Founding Cadbury[edit]

As Quakers are historically and typically pacifist, a military career was also out of the question. So, like many other Quakers of the time, he turned his energies toward business. After being apprenticed to a tea dealer in Leeds in 1818, he opened a grocer's shop at 93 Bull Street, Birmingham in 1824. He prepared drinking chocolate, and eventually decided to start commercial manufacture, opening a warehouse in Crooked Lane. In 1842, he was selling sixteen lines of drinking chocolate, and eleven lines of cocoa. In 1846 he entered into a partnership with his brother Benjamin, establishing Cadbury Brothers, which moved to a new factory in Bridge Street in 1847. In 1850, the Cadbury brothers pulled out of the retail business, which was passed to John's son, Richard Barrow Cadbury (Barrow's remained a leading Birmingham store until the 1960s). The partnership was dissolved by mutual consent in 1856 and John retired in 1861, following the death of his wife. Control of the manufacturing business passed to his sons Richard and George.[2][3]

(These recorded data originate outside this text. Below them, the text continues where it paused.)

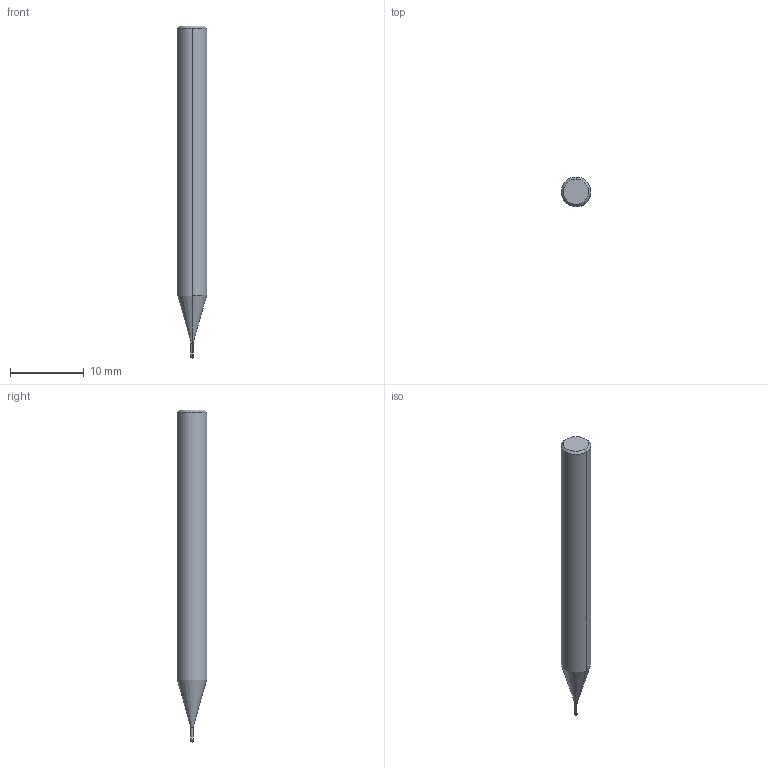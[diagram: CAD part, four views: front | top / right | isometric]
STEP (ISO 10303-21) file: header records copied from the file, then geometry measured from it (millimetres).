
FILE_DESCRIPTION(('no description'),'unknown implementation level');
FILE_NAME('HSLB2003-020-Huellk.stp',' ',('CIMSOURCE GmbH'),('CADClick - KiM GmbH - www.kimweb.de'),'unknown preprocess','ACIS','unknown authorization');
FILE_SCHEMA(('automotive_design'));
Length unit declared in the file: millimetre
Products named in the file (2): 1; 2
Bounding box: 4 x 4 x 45 mm (x, y, z)
Volume: 487.9 mm3; surface area: 516.6 mm2
Topology: 2 solids, 2 shells, 16 faces, 31 edges, 16 vertices
Faces by surface type: cone 6, cylinder 4, plane 4, sphere 2
Entity records: 788 total; most frequent: DIRECTION 88, CARTESIAN_POINT 65, STYLED_ITEM 61, PRESENTATION_STYLE_ASSIGNMENT 61, COLOUR_RGB 61, ORIENTED_EDGE 54, AXIS2_PLACEMENT_3D 39, EDGE_CURVE 27

John Cadbury also campaigned against animal cruelty, forming the Animals Friend Society, a forerunner of the Royal Society for the Prevention of Cruelty to Animals.[4]

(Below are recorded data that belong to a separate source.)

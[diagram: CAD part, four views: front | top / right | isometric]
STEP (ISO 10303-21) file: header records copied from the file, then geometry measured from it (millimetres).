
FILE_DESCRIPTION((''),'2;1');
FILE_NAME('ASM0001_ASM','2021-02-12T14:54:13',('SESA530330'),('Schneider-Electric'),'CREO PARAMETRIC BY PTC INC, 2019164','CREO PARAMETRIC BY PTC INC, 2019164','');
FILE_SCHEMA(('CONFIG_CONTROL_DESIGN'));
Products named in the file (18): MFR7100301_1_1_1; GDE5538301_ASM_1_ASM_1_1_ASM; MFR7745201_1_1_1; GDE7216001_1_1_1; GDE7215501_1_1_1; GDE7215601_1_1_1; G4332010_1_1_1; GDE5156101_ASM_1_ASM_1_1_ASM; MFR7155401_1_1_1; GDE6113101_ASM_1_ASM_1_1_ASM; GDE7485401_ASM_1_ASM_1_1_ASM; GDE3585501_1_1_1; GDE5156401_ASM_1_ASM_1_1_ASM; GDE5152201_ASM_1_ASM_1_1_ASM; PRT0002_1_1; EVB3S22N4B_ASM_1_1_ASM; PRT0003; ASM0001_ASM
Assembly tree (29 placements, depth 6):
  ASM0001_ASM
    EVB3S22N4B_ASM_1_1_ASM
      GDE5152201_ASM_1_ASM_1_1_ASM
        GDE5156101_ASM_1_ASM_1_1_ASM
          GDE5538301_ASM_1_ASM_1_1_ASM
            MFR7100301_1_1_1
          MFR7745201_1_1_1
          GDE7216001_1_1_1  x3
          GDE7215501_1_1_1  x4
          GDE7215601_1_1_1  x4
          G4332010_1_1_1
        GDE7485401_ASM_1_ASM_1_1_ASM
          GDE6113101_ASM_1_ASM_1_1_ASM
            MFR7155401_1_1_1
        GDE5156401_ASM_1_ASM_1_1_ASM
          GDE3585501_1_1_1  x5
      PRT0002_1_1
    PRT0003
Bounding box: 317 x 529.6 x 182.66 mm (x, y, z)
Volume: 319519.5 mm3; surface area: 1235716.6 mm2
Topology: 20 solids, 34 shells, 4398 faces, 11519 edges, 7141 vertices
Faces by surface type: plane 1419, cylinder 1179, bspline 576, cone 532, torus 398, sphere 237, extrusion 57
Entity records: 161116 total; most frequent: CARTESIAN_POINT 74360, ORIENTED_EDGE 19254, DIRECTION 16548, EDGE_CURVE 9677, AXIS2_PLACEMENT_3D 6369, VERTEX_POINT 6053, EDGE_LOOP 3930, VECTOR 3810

Cadbury married twice. He married Priscilla Ann Dymond (1799–1828), in 1826, but she died two years later. In Lancaster on 24 July 1832 he married his second wife, Candia Barrow (Lancaster, 8 April 1805 – 5 March 1855), daughter of George Barrow and wife Elizabeth Pumphrey,[5] and had seven children: John (1834–1866), Richard (1835–1899), Maria (1838–1908), George (1839–1922), Joseph (1841–1841), Edward (1843–1866), and Henry (1845–1875).[citation needed]

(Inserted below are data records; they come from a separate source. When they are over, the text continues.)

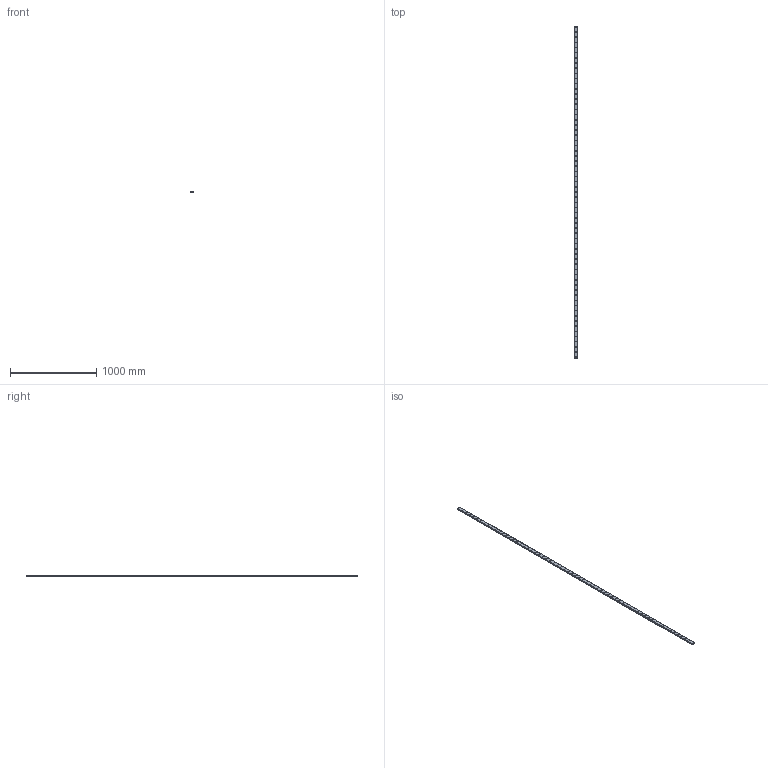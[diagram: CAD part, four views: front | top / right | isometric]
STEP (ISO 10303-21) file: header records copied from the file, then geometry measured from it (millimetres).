
FILE_DESCRIPTION(('STEP AP214'),'1');
FILE_NAME('cctmp_39065F85-F693-4D0A-9845-992C66DDC223_2021_03_04_12_52_50_0940..stp','2021-03-04T11:52:51',('HIWIN GmbH'),('CADClick - www.CADClick.com'),'Spatial InterOp 3D',' ','unknown authorization');
FILE_SCHEMA(('AUTOMOTIVE_DESIGN'));
Length unit declared in the file: millimetre
Products named in the file (1): WER27R3860H_FILE
Bounding box: 42 x 3860 x 15 mm (x, y, z)
Volume: 2246251.8 mm3; surface area: 485606 mm2
Topology: 1 solids, 1 shells, 1273 faces, 2631 edges, 1754 vertices
Faces by surface type: cylinder 798, plane 475
Entity records: 44709 total; most frequent: DIRECTION 6775, CARTESIAN_POINT 5659, ORIENTED_EDGE 5262, AXIS2_PLACEMENT_3D 2870, EDGE_CURVE 2631, VERTEX_POINT 1754, EDGE_LOOP 1667, CIRCLE 1596

Richard and George relocated the business in 1879 to an area of what was then north Worcestershire, on the borders of the parishes of Northfield and King's Norton centred on the Georgian-built Bournbrook Hall, where they developed the garden village of Bournville; now a major suburb of Birmingham.

The family developed the Cadbury's factory, which remains the main UK manufacturing site of the business. The district around the factory has been dry for over 100 years, with no alcohol being sold in pubs, bars or shops. Residents have fought to maintain this, winning a court battle in March 2007 with Britain's biggest supermarket chain Tesco, to prevent it selling alcohol in its local outlet.[6][7]

References[edit]

  1. ^ a b "John Cadbury". www.quakersintheworld.org. Retrieved 13 June 2017.
  2. ^ Mondelez Our founders (archived from the original). Accessed: 28 September 2020.
  3. ^ "The Cadbury Family". History TV. 21 April 2017. Retrieved 13 June 2017.
  4. ^ "BBC – Cadbury: The legacy in Birmingham". news.bbc.co.uk. Retrieved 13 June 2017.
  5. ^ The Annual Monitor For 1856, Obituary of the Members of the Society of Friends in Great Britain and Ireland For the Year 1855. London: Cash, 1855.
  6. ^ Paul Dale (27 March 2007). "Tesco loses battle of Bournville". Birmingham Post. Archived from the original on 23 August 2010. Retrieved 7 February 2011.
  7. ^ "Council rejects Tesco off-licence". BBC News. BBC. 26 March 2007. Retrieved 7 February 2011.
  • Randall Morck, A History of Corporate Governance around the World: Family Business Groups – Page 600, University of Chicago Press, 2006, ISBN 0-226-53680-7

External links[edit]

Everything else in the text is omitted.